### DATA FOR THE TASK
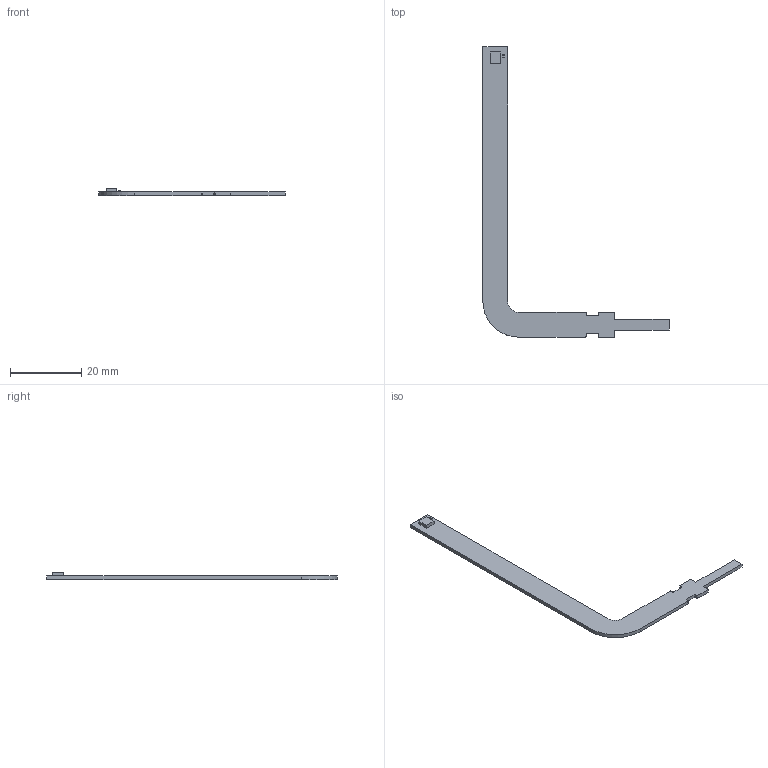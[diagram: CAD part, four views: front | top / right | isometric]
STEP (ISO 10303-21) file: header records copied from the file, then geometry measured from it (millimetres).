
FILE_DESCRIPTION(('Open CASCADE Model'),'2;1');
FILE_NAME('Open CASCADE Shape Model','2017-08-26T11:37:05',('Author'),( 'Open CASCADE'),'Open CASCADE STEP processor 6.8','Open CASCADE 6.8' ,'Unknown');
FILE_SCHEMA(('AUTOMOTIVE_DESIGN { 1 0 10303 214 1 1 1 1 }'));
Length unit declared in the file: millimetre
Products named in the file (7): PCB; Board; U1; 1355786808; Extruded; C1; User_Library-0402(1005M)_Cap
Assembly tree (6 placements, depth 4):
  PCB
    Board
    U1
      1355786808
        Extruded
    C1
      User_Library-0402(1005M)_Cap
Bounding box: 52.31 x 81.5 x 2.02 mm (x, y, z)
Volume: 825.8 mm3; surface area: 1904.8 mm2
Topology: 5 solids, 5 shells, 156 faces, 401 edges, 254 vertices
Faces by surface type: plane 75, bspline 51, cylinder 30
Entity records: 22068 total; most frequent: CARTESIAN_POINT 14039, DIRECTION 1005, ORIENTED_EDGE 786, PCURVE 786, DEFINITIONAL_REPRESENTATION 786, LINE 635, VECTOR 635, B_SPLINE_CURVE_WITH_KNOTS 448

### PROBLEM DESCRIPTION
Please give the records again word for word, omitting all images.

### ANSWER BOX
[diagram: CAD part, four views: front | top / right | isometric]
STEP (ISO 10303-21) file: header records copied from the file, then geometry measured from it (millimetres).
FILE_DESCRIPTION(('Open CASCADE Model'),'2;1');
FILE_NAME('Open CASCADE Shape Model','2017-08-26T11:37:05',('Author'),( 'Open CASCADE'),'Open CASCADE STEP processor 6.8','Open CASCADE 6.8' ,'Unknown');
FILE_SCHEMA(('AUTOMOTIVE_DESIGN { 1 0 10303 214 1 1 1 1 }'));
Length unit declared in the file: millimetre
Products named in the file (7): PCB; Board; U1; 1355786808; Extruded; C1; User_Library-0402(1005M)_Cap
Assembly tree (6 placements, depth 4):
  PCB
    Board
    U1
      1355786808
        Extruded
    C1
      User_Library-0402(1005M)_Cap
Bounding box: 52.31 x 81.5 x 2.02 mm (x, y, z)
Volume: 825.8 mm3; surface area: 1904.8 mm2
Topology: 5 solids, 5 shells, 156 faces, 401 edges, 254 vertices
Faces by surface type: plane 75, bspline 51, cylinder 30
Entity records: 22068 total; most frequent: CARTESIAN_POINT 14039, DIRECTION 1005, ORIENTED_EDGE 786, PCURVE 786, DEFINITIONAL_REPRESENTATION 786, LINE 635, VECTOR 635, B_SPLINE_CURVE_WITH_KNOTS 448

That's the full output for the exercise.